The MCSCF/FQ analytical nuclear gradients have been implemented in the OpenMolcas software [6] and validated against numerical gradients. As an illustrative application, vibronic spectra of aromatic molecules in aqueous solutions have been computed (Figure 1). Results demonstrate an accurate reproduction of the experimentally observed spectral profiles and relative intensities, highlighting the capability of the MCSCF/FQ approach to capture both the multireference nature of the solute and the solute-solvent interactions.

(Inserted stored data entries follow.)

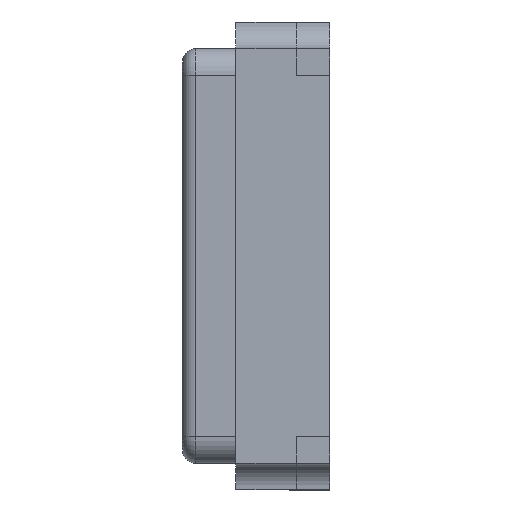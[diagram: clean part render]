
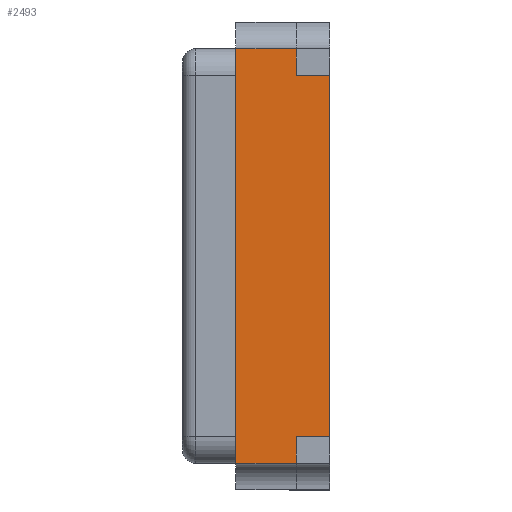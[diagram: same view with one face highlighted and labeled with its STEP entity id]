
A CAD part, left-side view. The second image highlights one B-rep face of the part: STEP entity #2493.
In plain terms, the highlighted planar face has unit normal (-1, 0, 0).
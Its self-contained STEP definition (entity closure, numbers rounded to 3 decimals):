
#45 = VERTEX_POINT ( 'NONE', #2651 ) ;
#51 = EDGE_CURVE ( 'NONE', #2929, #45, #879, .T. ) ;
#168 = CARTESIAN_POINT ( 'NONE',  ( -3., 0., 1.75 ) ) ;
#406 = DIRECTION ( 'NONE',  ( 0., 0., 1. ) ) ;
#413 = VECTOR ( 'NONE', #1503, 1000. ) ;
#510 = EDGE_CURVE ( 'NONE', #1853, #2969, #757, .T. ) ;
#625 = LINE ( 'NONE', #1557, #2550 ) ;
#639 = CARTESIAN_POINT ( 'NONE',  ( -3., 0.7, -1.55 ) ) ;
#684 = VECTOR ( 'NONE', #2856, 1000. ) ;
#703 = DIRECTION ( 'NONE',  ( 1., 0., 0. ) ) ;
#714 = EDGE_CURVE ( 'NONE', #1696, #2013, #1531, .T. ) ;
#757 = LINE ( 'NONE', #2337, #684 ) ;
#820 = CARTESIAN_POINT ( 'NONE',  ( -3., 0.25, 1.55 ) ) ;
#868 = DIRECTION ( 'NONE',  ( 0., 0., -1. ) ) ;
#872 = VECTOR ( 'NONE', #2829, 1000. ) ;
#879 = LINE ( 'NONE', #168, #1462 ) ;
#948 = VECTOR ( 'NONE', #406, 1000. ) ;
#1000 = EDGE_CURVE ( 'NONE', #2870, #2929, #1884, .T. ) ;
#1004 = ORIENTED_EDGE ( 'NONE', *, *, #3097, .F. ) ;
#1020 = AXIS2_PLACEMENT_3D ( 'NONE', #2184, #703, #2672 ) ;
#1094 = CARTESIAN_POINT ( 'NONE',  ( -3., 0.25, -1.55 ) ) ;
#1156 = ORIENTED_EDGE ( 'NONE', *, *, #51, .T. ) ;
#1170 = CARTESIAN_POINT ( 'NONE',  ( -3., 0., -1.35 ) ) ;
#1200 = PLANE ( 'NONE',  #1020 ) ;
#1225 = FACE_OUTER_BOUND ( 'NONE', #3005, .T. ) ;
#1251 = DIRECTION ( 'NONE',  ( 0., -1., 0. ) ) ;
#1268 = ORIENTED_EDGE ( 'NONE', *, *, #714, .T. ) ;
#1319 = VECTOR ( 'NONE', #1251, 1000. ) ;
#1332 = ORIENTED_EDGE ( 'NONE', *, *, #2658, .F. ) ;
#1350 = CARTESIAN_POINT ( 'NONE',  ( -3., 0.25, 1.35 ) ) ;
#1363 = CARTESIAN_POINT ( 'NONE',  ( -3., 0.25, -1.55 ) ) ;
#1462 = VECTOR ( 'NONE', #2600, 1000. ) ;
#1503 = DIRECTION ( 'NONE',  ( 0., -1., 0. ) ) ;
#1516 = CARTESIAN_POINT ( 'NONE',  ( -3., 0.7, 1.55 ) ) ;
#1531 = LINE ( 'NONE', #3079, #872 ) ;
#1557 = CARTESIAN_POINT ( 'NONE',  ( -3., 0.25, 1.55 ) ) ;
#1675 = EDGE_CURVE ( 'NONE', #2870, #2013, #2761, .T. ) ;
#1696 = VERTEX_POINT ( 'NONE', #639 ) ;
#1715 = CARTESIAN_POINT ( 'NONE',  ( -3., 0.25, -1.35 ) ) ;
#1723 = ORIENTED_EDGE ( 'NONE', *, *, #1905, .F. ) ;
#1853 = VERTEX_POINT ( 'NONE', #820 ) ;
#1884 = LINE ( 'NONE', #2015, #413 ) ;
#1905 = EDGE_CURVE ( 'NONE', #1853, #2464, #625, .T. ) ;
#2013 = VERTEX_POINT ( 'NONE', #1094 ) ;
#2015 = CARTESIAN_POINT ( 'NONE',  ( -3., 0.25, -1.35 ) ) ;
#2028 = VECTOR ( 'NONE', #868, 1000. ) ;
#2184 = CARTESIAN_POINT ( 'NONE',  ( -3., 0.7, 1.75 ) ) ;
#2248 = CARTESIAN_POINT ( 'NONE',  ( -3., 0.25, 1.35 ) ) ;
#2337 = CARTESIAN_POINT ( 'NONE',  ( -3., 0.7, 1.55 ) ) ;
#2400 = CARTESIAN_POINT ( 'NONE',  ( -3., 0.7, 1.75 ) ) ;
#2464 = VERTEX_POINT ( 'NONE', #1350 ) ;
#2493 = ADVANCED_FACE ( 'NONE', ( #1225 ), #1200, .F. ) ;
#2550 = VECTOR ( 'NONE', #3020, 1000. ) ;
#2592 = LINE ( 'NONE', #2400, #948 ) ;
#2600 = DIRECTION ( 'NONE',  ( 0., 0., 1. ) ) ;
#2642 = LINE ( 'NONE', #2248, #1319 ) ;
#2651 = CARTESIAN_POINT ( 'NONE',  ( -3., 0., 1.35 ) ) ;
#2658 = EDGE_CURVE ( 'NONE', #2464, #45, #2642, .T. ) ;
#2670 = ORIENTED_EDGE ( 'NONE', *, *, #1675, .F. ) ;
#2672 = DIRECTION ( 'NONE',  ( 0., 0., -1. ) ) ;
#2761 = LINE ( 'NONE', #1363, #2028 ) ;
#2829 = DIRECTION ( 'NONE',  ( 0., -1., 0. ) ) ;
#2856 = DIRECTION ( 'NONE',  ( 0., 1., 0. ) ) ;
#2870 = VERTEX_POINT ( 'NONE', #1715 ) ;
#2887 = ORIENTED_EDGE ( 'NONE', *, *, #1000, .T. ) ;
#2929 = VERTEX_POINT ( 'NONE', #1170 ) ;
#2969 = VERTEX_POINT ( 'NONE', #1516 ) ;
#3005 = EDGE_LOOP ( 'NONE', ( #1156, #1332, #1723, #3133, #1004, #1268, #2670, #2887 ) ) ;
#3020 = DIRECTION ( 'NONE',  ( 0., 0., -1. ) ) ;
#3079 = CARTESIAN_POINT ( 'NONE',  ( -3., 0.7, -1.55 ) ) ;
#3097 = EDGE_CURVE ( 'NONE', #1696, #2969, #2592, .T. ) ;
#3133 = ORIENTED_EDGE ( 'NONE', *, *, #510, .T. ) ;

Figure 1. (Left) Representative snapshot of benzene in aqueous solution. (Right) Vibronic spectra comparison: computed with the CASSCF(6,6)/FQ method (top) and experimental data from Ref. [7] (bottom).
[1] C. Sepali et al, J. Chem. Theory Comput., 2024, 20, 9954–9967.
[2] BO. Roos et al. Chem. Phys., 1980, 48, 157-173.
[3] SW. Rick et al. J. Chem. Phys., 1994, 101, 6141-6156.
[4] C. Cappelli Int. J. Quantum Chem., 2016, 116, 1532-1542.
[5] F. Mazza et al., in preparation.
[6] G. Li Manni et al. J. Chem. Theory Comput., 2023, 19, 6933-6991.
[7] Y Ilan et al. J. Phys. Chem., 1976, 80, 584-587.